Song by Metro Boomin and Coi Leray

from the album Spider-Man: Across the Spider-Verse (Soundtrack from and Inspired by the Motion Picture)
- Released: June 2, 2023
- Recorded: 2021
- Genre: R&B; Alternative hip hop;
- Length: 3:10
- Label: Boominati; Republic;
- Songwriters: Leland Wayne; Brittany Collins; Brittany Hazzard; Andre Proctor; Mejdi Rhars; Stephen Feigenbaum;
- Producers: Metro Boomin; Dre Moon; Prince85;

= Self Love (song) =

2023 song by Metro Boomin and Coi Leray

"Self Love" is a song by American record producer Metro Boomin and American rapper and singer Coi Leray.
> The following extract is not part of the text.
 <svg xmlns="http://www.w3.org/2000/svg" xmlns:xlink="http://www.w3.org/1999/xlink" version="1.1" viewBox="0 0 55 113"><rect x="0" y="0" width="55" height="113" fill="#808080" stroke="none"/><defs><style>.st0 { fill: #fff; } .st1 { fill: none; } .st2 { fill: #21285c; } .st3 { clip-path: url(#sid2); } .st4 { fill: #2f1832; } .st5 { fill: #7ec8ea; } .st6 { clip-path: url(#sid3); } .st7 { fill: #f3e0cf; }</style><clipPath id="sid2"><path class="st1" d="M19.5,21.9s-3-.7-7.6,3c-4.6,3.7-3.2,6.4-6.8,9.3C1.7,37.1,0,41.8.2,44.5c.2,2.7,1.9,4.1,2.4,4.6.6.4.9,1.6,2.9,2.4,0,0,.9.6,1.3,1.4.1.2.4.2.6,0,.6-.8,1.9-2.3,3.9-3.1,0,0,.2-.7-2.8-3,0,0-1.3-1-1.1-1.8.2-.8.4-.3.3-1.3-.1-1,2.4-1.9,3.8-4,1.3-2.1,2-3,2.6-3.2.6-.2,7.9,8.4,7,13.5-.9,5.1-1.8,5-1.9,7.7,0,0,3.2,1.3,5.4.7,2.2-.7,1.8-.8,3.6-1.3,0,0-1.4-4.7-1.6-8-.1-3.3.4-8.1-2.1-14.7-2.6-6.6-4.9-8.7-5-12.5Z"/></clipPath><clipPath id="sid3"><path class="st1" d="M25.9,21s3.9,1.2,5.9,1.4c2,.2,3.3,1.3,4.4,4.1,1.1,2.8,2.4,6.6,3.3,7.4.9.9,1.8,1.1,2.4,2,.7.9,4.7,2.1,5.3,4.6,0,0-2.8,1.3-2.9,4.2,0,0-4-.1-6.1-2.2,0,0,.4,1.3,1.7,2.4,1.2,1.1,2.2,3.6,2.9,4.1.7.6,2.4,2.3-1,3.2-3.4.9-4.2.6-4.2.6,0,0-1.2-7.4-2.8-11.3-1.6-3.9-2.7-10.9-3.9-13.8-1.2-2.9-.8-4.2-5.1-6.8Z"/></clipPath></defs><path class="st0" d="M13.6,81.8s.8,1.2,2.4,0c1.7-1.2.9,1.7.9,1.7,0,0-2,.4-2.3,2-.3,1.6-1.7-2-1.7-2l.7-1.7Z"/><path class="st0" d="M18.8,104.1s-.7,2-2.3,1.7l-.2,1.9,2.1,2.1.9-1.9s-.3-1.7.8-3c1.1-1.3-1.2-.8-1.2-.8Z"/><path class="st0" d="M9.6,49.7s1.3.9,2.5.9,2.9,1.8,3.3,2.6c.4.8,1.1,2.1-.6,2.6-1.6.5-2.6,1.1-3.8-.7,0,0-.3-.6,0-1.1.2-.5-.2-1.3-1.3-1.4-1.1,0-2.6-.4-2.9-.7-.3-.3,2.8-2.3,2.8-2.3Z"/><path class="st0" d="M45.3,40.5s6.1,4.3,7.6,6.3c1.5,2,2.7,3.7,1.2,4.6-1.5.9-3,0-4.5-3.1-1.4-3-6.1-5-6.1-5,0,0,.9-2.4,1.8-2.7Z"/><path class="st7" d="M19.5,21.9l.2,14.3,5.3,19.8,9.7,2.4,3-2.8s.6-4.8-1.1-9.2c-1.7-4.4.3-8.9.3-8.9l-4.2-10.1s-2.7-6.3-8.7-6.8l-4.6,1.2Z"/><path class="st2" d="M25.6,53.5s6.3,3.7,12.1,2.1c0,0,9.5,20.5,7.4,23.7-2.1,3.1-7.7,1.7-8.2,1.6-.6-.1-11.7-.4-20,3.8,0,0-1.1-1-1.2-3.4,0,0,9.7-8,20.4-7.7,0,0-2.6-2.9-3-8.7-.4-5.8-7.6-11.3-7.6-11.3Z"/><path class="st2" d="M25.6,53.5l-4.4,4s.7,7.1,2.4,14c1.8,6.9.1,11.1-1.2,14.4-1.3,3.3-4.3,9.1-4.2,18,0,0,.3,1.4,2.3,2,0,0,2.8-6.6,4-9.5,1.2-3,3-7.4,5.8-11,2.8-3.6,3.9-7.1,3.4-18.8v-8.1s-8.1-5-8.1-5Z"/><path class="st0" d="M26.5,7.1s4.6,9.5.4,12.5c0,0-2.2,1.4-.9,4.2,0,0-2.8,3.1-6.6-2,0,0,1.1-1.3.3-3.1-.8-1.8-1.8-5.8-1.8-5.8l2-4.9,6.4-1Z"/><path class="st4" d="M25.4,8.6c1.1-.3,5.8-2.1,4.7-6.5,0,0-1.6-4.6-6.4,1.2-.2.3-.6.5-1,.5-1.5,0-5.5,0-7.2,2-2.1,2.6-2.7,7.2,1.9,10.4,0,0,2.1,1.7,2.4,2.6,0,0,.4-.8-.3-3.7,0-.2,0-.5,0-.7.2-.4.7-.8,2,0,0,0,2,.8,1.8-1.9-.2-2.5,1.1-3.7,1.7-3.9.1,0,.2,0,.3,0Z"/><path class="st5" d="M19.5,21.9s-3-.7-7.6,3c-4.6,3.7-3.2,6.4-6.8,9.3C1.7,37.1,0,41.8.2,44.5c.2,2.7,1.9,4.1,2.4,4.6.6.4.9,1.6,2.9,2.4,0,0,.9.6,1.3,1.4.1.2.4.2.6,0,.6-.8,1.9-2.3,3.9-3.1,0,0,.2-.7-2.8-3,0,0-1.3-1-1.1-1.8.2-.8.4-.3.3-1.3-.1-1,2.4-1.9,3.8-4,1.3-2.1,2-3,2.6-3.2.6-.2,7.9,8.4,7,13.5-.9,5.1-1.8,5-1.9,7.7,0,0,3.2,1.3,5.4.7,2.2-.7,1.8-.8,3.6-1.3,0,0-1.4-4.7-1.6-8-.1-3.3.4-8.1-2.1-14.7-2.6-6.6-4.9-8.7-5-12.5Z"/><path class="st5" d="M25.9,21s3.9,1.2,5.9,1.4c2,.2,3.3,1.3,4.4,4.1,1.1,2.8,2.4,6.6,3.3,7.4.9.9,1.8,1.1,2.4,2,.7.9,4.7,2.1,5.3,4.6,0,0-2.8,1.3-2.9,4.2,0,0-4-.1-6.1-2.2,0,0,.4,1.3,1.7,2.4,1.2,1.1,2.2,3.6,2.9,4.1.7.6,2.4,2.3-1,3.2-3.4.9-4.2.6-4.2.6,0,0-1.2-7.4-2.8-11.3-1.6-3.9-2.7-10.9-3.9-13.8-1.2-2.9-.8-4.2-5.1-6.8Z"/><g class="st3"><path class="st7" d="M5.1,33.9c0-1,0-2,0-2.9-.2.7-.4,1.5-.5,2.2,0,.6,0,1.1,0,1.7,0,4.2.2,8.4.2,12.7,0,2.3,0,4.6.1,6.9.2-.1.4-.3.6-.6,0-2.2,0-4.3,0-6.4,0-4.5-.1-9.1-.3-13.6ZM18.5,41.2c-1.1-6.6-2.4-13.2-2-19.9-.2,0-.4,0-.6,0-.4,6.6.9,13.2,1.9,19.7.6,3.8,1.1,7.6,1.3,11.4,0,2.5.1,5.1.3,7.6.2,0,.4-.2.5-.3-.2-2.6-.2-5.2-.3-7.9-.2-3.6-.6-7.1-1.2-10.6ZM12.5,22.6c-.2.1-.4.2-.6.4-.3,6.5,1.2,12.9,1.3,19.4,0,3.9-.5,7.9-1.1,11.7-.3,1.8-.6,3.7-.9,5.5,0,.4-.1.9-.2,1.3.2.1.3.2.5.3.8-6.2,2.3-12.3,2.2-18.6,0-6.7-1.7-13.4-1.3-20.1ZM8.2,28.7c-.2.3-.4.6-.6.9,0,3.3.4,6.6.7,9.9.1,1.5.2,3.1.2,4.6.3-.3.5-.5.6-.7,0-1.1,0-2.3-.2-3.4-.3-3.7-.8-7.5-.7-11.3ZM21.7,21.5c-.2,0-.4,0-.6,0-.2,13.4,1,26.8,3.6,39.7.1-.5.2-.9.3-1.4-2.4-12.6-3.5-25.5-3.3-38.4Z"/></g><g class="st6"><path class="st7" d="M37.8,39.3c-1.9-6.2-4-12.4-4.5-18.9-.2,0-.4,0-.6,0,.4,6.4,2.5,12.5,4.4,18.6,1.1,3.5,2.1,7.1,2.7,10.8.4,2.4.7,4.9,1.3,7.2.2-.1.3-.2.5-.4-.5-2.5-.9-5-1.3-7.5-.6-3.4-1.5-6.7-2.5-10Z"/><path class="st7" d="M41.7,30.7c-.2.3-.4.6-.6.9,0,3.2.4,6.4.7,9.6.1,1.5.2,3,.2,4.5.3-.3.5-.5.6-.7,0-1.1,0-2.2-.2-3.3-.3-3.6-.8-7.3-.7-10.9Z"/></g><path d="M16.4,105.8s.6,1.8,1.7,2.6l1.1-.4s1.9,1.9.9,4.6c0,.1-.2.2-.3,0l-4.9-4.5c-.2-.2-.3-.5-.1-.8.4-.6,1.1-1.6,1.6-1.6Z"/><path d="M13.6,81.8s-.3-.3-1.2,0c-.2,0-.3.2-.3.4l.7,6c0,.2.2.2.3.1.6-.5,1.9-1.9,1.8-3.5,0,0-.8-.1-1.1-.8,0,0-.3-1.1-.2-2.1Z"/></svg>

It was released through Boominati Worldwide and Republic Records as the ninth track from Metro's first soundtrack album, which was for the film Spider-Man: Across the Spider-Verse, on June 2, 2023. Produced by Metro himself, Dre Moon, and Prince85, and additionally produced by Johan Lenox, the four wrote it with Coi Leray and Starrah.

==Credits and personnel==
Credits are adapted from the liner notes.
- Musicians
- Leland Wayne – producer, programming, songwriter
- Coi Collins – vocals, songwriter
- Johan Lenox – programming, strings, background vocals, songwriter, additional producer
- Andre Proctor – songwriter, producer, songwriter
- Natalie Spehar – cello
- Nick Kennerly – violin
- Yasmmen Al-Mazeedi – violin
- Prince85 – programming, producer, songwriter
- Mejdi Rrahs – songwriter
- Brittany Hazzard – songwriter

- Technical
- Ethan Stevens – mixing engineer
- Joe LaPorta – mastering engineer
- Germán Valdés – recording engineer

==Charts==

Chart performance for "Self Love"
| Chart (2023) | Peak position |
|---|---|
| Australia (ARIA) | 41 |
| Australia Hip Hop/R&B (ARIA) | 20 |
| Canada Hot 100 (Billboard) | 40 |
| Global 200 (Billboard) | 58 |
| Malaysia (Billboard) | 22 |
| Malaysia International (RIM) | 20 |
| New Zealand (Recorded Music NZ) | 29 |
| Singapore (RIAS) | 17 |
| US Billboard Hot 100 | 54 |
| US Hot R&B/Hip-Hop Songs (Billboard) | 17 |

==Certifications==

Certifications for "Self Love"
| Region | Certification | Certified units/sales |
| Australia (ARIA) | Gold | 35,000^{‡} |
| Brazil (Pro-Música Brasil) | Gold | 20,000^{‡} |
| New Zealand (RMNZ) | Gold | 15,000^{‡} |
^{‡} Sales+streaming figures based on certification alone.